2) The Seidel aberrations are not supported for grin lenses. According to the help documentation:
However, any of the analysis features that rely on real ray tracing should be okay though, like the spot diagram, PSF, fiber coupling, etc.
Hi Jeff,
Thanks for the help and feedback. I will look into real ray tracing analysis tools for the GRIN lens.
Gradient index formulas where with a dependency in Z (gradium 3,4,5 and 7), are not simply reversed as other surfaces, as the origin of the index defining polynomial is changing from one face to another. You need to re-compute all coefficients containing Z after a change of coordinates (a flip and a translation by the length of the GRIN). That should not change the maximal degree of the polynomial, but your length needs to be fixed.
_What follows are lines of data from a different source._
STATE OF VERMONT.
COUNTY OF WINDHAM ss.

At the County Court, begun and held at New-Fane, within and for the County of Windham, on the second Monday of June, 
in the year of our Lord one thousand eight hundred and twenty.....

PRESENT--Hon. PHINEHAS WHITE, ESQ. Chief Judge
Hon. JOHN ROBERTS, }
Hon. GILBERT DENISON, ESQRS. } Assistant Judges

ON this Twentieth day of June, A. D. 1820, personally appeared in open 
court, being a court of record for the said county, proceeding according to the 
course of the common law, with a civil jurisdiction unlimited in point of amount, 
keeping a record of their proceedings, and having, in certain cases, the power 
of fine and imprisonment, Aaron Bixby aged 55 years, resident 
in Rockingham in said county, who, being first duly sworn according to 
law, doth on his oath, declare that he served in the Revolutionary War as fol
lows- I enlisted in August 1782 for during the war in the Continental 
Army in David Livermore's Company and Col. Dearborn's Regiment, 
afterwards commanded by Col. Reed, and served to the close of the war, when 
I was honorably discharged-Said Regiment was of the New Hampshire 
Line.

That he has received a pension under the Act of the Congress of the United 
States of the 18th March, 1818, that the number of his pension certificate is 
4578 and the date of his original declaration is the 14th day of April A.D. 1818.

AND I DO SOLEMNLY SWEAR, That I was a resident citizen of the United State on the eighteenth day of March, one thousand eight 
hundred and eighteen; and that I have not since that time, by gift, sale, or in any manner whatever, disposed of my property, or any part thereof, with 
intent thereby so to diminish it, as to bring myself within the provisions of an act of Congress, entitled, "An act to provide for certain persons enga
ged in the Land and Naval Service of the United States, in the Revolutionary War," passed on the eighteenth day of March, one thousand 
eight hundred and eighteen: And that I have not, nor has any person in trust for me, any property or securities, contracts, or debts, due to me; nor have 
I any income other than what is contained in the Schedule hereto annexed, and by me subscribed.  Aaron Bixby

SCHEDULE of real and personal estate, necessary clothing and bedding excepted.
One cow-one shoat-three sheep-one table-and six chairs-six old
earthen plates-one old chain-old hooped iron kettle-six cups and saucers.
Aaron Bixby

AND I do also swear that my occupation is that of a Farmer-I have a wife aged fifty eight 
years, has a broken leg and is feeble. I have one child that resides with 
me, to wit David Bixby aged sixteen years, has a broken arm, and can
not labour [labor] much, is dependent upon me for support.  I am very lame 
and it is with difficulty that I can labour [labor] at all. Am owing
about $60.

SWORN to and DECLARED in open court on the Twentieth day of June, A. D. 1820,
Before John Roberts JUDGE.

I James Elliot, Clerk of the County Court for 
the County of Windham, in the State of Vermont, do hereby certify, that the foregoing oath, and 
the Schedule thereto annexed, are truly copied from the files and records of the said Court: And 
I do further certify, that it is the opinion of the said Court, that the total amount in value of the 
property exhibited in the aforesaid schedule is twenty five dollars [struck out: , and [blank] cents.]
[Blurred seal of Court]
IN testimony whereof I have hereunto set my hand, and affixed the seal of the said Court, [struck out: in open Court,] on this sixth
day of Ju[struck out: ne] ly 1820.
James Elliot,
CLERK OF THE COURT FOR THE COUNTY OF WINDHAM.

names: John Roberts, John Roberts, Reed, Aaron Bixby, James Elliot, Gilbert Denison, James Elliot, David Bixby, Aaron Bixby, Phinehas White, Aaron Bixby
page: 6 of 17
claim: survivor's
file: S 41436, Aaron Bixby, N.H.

In practice, the grin propagation steps may also not be aligned in both directions, as they start at the entrance, so you could accumulate errors along the way if the length is not exactly a multiple of the step size. If the steps are small enough, that is less of an issue. However, I remember an eye model that used a gradient index with a big step, so it was not possible to reverse it.
Hi Ray,
Thanks for your suggestions and feedback. The GRIN lenses that I am currently testing with are off-the-shelf lenses from Edmund Optics with one lens having a maximum step size of 0.02 mm and the other having a maximum step size of 0.1 mm. Would these step sizes be considered small enough for the GRIN propagation? The lenses use gradient 5 as the surface and it seems like the nz terms are all zero:
Would I have to modify these terms in particular? Would the nr^2 and nr^4 terms have to change or are those values fixed?
Hi Trevor,
There does not seem to be any z component, although the negative sign on the Nz1 & Nz3 may mean it’s just the numerical precision in the editor that makes it so. Radial terms do not need modification for flipping. If the Nz terms are all really zero, there is no problem with the step being as big as the lens thickness or bigger.
Hi Ray,
Thanks for your help and feedback. I will consider these points when modeling the GRIN lenses.